Brief:
What is needed is an exact transcription of the listing, with the images removed.

Records supplied:
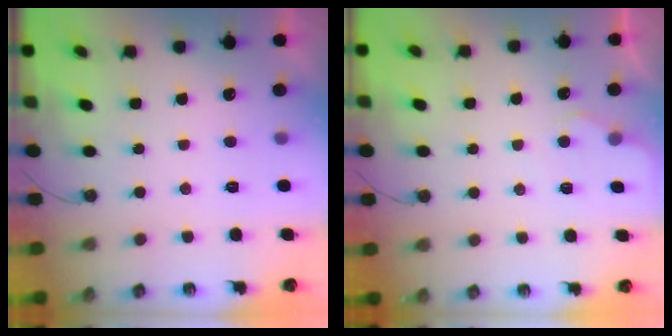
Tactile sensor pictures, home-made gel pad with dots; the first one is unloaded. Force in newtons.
{"total": 5.0, "press": 5.0, "slide": 0.6}
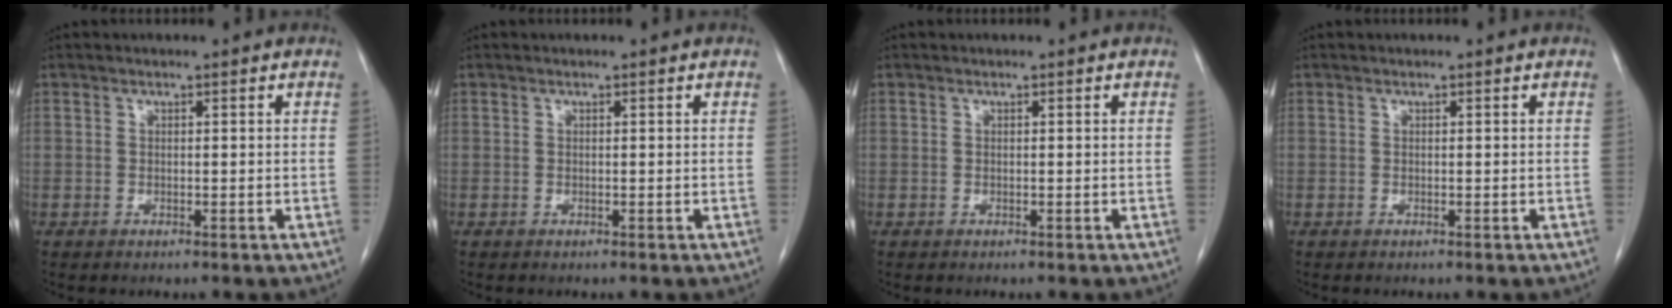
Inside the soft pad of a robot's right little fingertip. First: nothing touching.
{"total": 0.0}
{"total": 0.0}
{"total": 0.0}
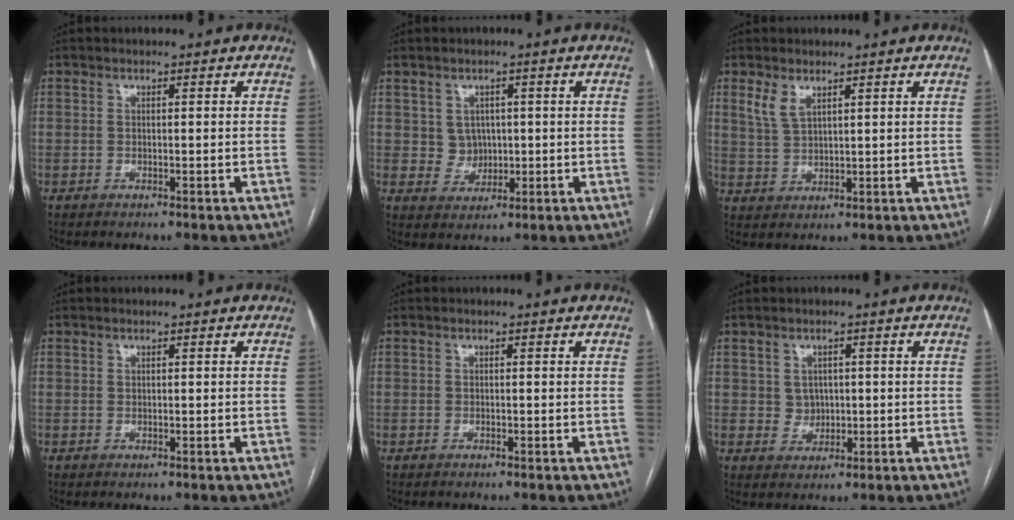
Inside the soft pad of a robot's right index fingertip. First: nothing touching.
{"total": 3.6, "force": [0.7, 3.4, 1.0], "torque": [-0.012, 0.008, 0.016]}
{"total": 3.7, "force": [2.3, 1.5, 2.4], "torque": [-0.059, 0.006, 0.056]}
{"total": 0.0}
{"total": 0.0}
{"total": 2.9, "force": [0.5, 2.7, 0.9], "torque": [-0.009, 0.004, 0.012]}

Response for this exercise:
Tactile sensor pictures, home-made gel pad with dots; the first one is unloaded. Force in newtons.
{"total": 5.0, "press": 5.0, "slide": 0.6}
Inside the soft pad of a robot's right little fingertip. First: nothing touching.
{"total": 0.0}
{"total": 0.0}
{"total": 0.0}
Inside the soft pad of a robot's right index fingertip. First: nothing touching.
{"total": 3.6, "force": [0.7, 3.4, 1.0], "torque": [-0.012, 0.008, 0.016]}
{"total": 3.7, "force": [2.3, 1.5, 2.4], "torque": [-0.059, 0.006, 0.056]}
{"total": 0.0}
{"total": 0.0}
{"total": 2.9, "force": [0.5, 2.7, 0.9], "torque": [-0.009, 0.004, 0.012]}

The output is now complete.